Una actuación magistral, licenciada,
una deliciosa sutileza digna del mejor de los actores, guiaste al directorio
por la ruta que deseabas: ella no será promovida y Germán seguirá en su cargo,
tu deuda con él estará saldada, «dos pájaros de un tiro», luego te encargarás
de preparar a Martín, sabes el modo. Ganaste, pero, claro, no puedes intuir que,
«el lobo que está en la cima, no está tan hambriento como el que está
escalando”.
Luego de dos semanas de aquella
reunión, el director principal llamó al señor Yáñez a su oficina para
comunicarle que a partir de la fecha se iba a hacer cargo de la gerencia de
logística, este celebró con una sonrisa amplia y franca, esa fue al menos la
impresión que se llevó el funcionario pues lo comentó con los otros miembros
del directorio, «es un hombre de trato cálido y muy seguro de sí mismo», dijo.

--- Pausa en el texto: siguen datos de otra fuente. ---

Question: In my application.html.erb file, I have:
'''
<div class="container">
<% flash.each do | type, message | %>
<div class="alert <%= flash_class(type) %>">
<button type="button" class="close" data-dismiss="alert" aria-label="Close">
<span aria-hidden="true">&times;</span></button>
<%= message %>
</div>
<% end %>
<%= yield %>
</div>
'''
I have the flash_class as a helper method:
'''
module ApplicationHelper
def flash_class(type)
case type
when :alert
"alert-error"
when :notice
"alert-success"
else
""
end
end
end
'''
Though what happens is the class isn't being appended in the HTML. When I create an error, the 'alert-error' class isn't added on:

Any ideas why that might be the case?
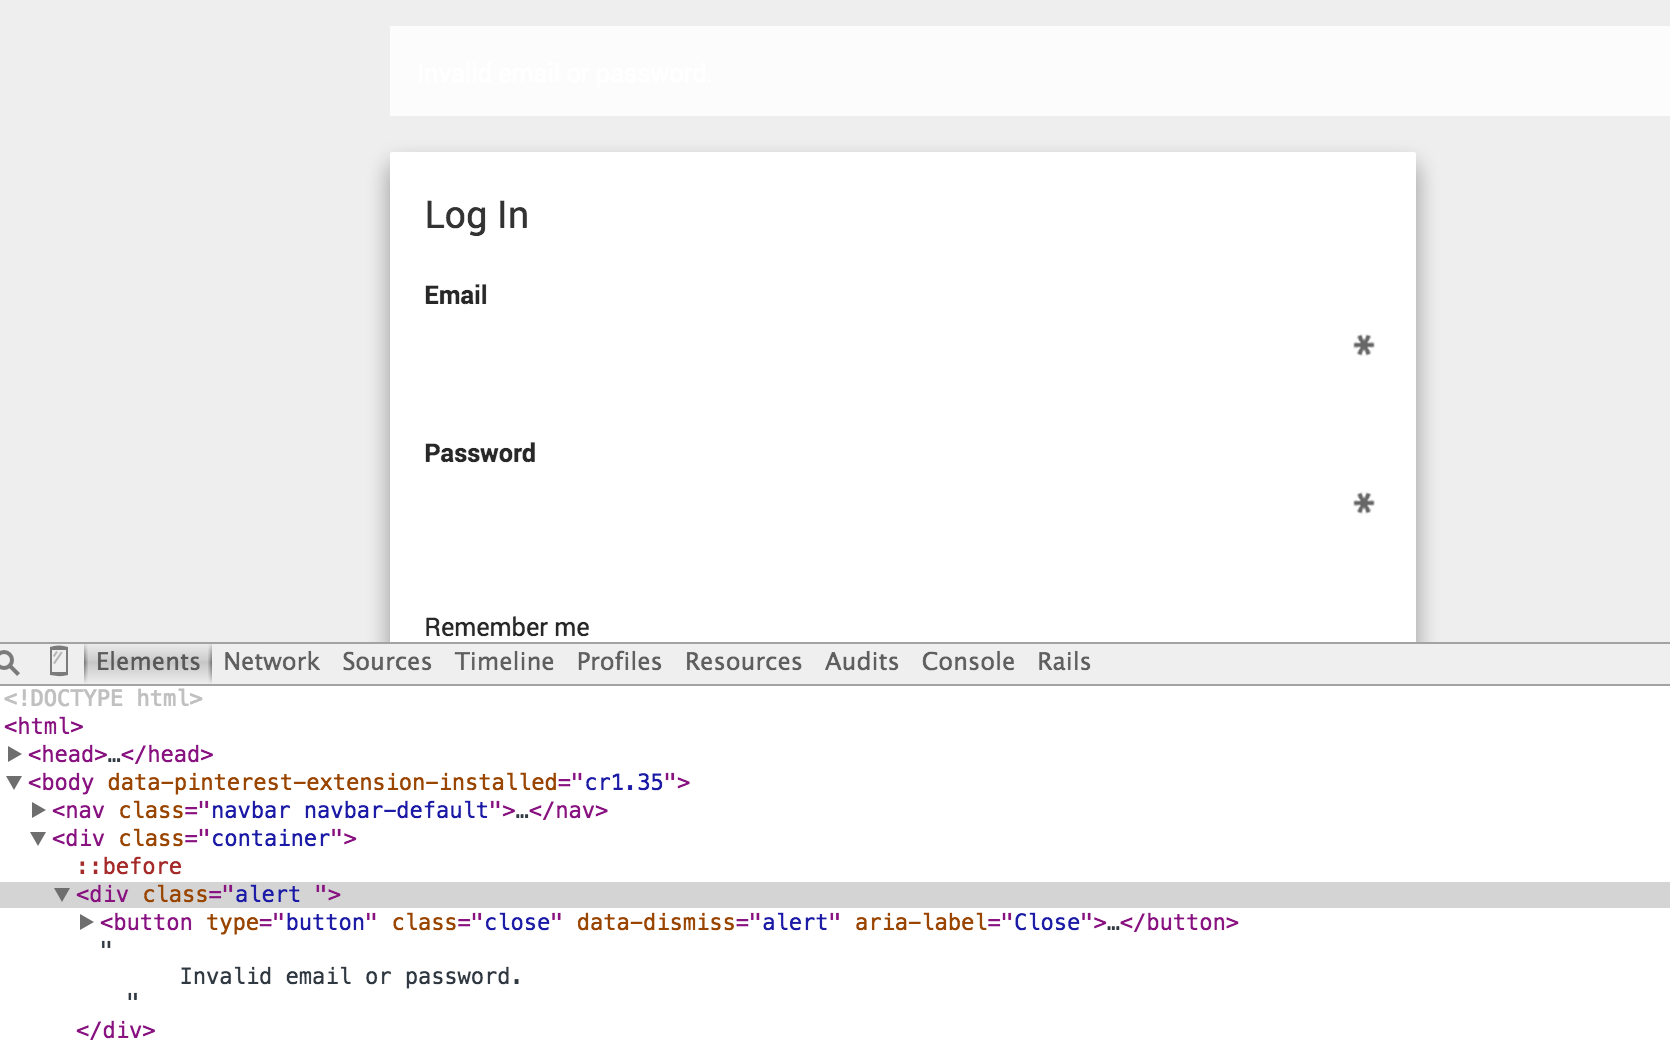
Answer: You might be sending in 'String' for type instead of 'Symbol' in the 'flash_class' method.
An easy fix would be calling 'type.to_sym' in the 'flash_class' helper method.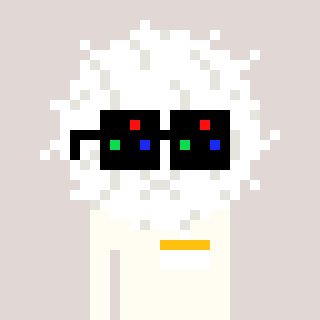
a pixel art character with square black sunglasses, a cottonball-shaped head and a grayscale-colored body on a warm background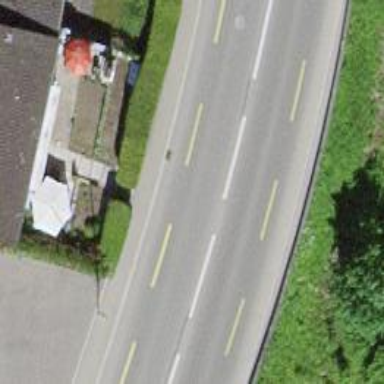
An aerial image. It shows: Secondary road with asphalt surface.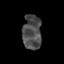
Tissue: skin
Cell type: Epithelial cells
Senescence score: 0.1533
Nuclear area (px): 632
Mean DAPI intensity: 77.199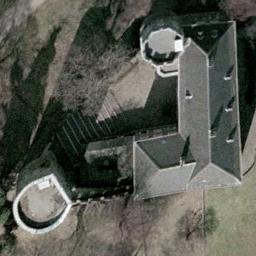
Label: church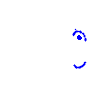
Particle: pion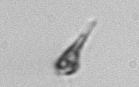
Label: Euglena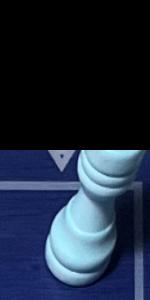
Label: Rook_White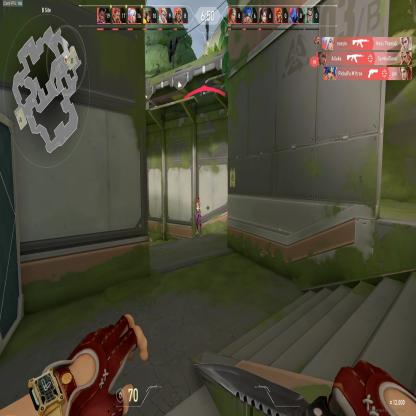
Label: enemy

Lo que no pudo percibir el directivo
mientras daba la noticia a Martín, fue la celebración maliciosa de este: se
sentía resarcido luego de lo mucho que trabajó para conseguirlo. Recordaba con
satisfacción las dos horas que debió esperar a que apareciera Celeste en la
zona financiera, la mirada de la sicóloga que iba turbándose mientras él exhibía
su galantería, hasta hubo un instante en que casi se dejó llevar por aquel sentimiento
tibio que generaba su presencia, pero ella solo era un elemento útil en su propósito
así que disfrutó mientras pudo. «Las personas pueden ser lo que desees —le dijo
alguien alguna vez—, pueden ser un lugar de cobijo, un referente del hilo que
teje tu vida, pero también pueden ser obstáculos o piedras que puedes utilizar
para construir tu edificio», y aunque sentía pena, primero estaba su objetivo
así que no dudó en utilizarla, pero lo que le produjo mayor deleite fue el
momento de la estocada final, cuando le contó a la secretaria del director lo
que descubrió respecto a la colusión entre Germán y Celeste, «yo no puedo con
esto, es demasiado —había dicho visiblemente consternado—, es un hombre que está
a punto de jubilarse, no creo que pueda ponerlo en evidencia», el brillo en los
ojos de la secretaria al nutrir su deseo de chisme con la noticia que cayó en
tierra fértil. Las cosas comenzarían a andar solas.